• [What to work on]
Would you please copy the part of the material below that opens with the line containing "Q: Stroke contrast? A: Low." and closes with the line containing "Q: Which block"? Copy it exactly, and only it.

• [Source information]
+---+

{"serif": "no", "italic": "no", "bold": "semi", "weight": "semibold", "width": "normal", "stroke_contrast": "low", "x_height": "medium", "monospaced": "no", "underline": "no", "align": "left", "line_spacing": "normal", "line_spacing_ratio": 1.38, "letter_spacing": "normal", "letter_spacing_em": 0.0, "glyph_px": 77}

+---+

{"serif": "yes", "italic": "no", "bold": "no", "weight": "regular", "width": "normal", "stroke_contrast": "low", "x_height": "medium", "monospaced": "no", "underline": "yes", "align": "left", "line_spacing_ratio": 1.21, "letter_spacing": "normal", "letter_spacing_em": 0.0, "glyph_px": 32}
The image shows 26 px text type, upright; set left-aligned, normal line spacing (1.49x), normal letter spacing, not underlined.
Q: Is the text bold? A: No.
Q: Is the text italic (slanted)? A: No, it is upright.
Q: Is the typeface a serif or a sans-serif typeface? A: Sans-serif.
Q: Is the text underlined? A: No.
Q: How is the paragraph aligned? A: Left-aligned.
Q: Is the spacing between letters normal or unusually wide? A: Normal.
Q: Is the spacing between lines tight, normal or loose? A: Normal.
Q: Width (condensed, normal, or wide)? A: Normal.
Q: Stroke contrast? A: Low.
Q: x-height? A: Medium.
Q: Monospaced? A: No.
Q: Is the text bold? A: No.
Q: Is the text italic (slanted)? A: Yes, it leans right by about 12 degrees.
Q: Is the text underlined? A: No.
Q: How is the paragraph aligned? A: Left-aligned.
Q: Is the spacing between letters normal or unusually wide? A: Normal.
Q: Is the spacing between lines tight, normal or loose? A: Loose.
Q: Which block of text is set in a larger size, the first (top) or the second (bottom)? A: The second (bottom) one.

+---+

• [Solved exercise]
Q: Stroke contrast? A: Low.
Q: x-height? A: Medium.
Q: Monospaced? A: No.
Q: Is the text bold? A: No.
Q: Is the text italic (slanted)? A: Yes, it leans right by about 12 degrees.
Q: Is the text underlined? A: No.
Q: How is the paragraph aligned? A: Left-aligned.
Q: Is the spacing between letters normal or unusually wide? A: Normal.
Q: Is the spacing between lines tight, normal or loose? A: Loose.
Q: Which block of text is set in a larger size, the first (top) or the second (bottom)? A: The second (bottom) one.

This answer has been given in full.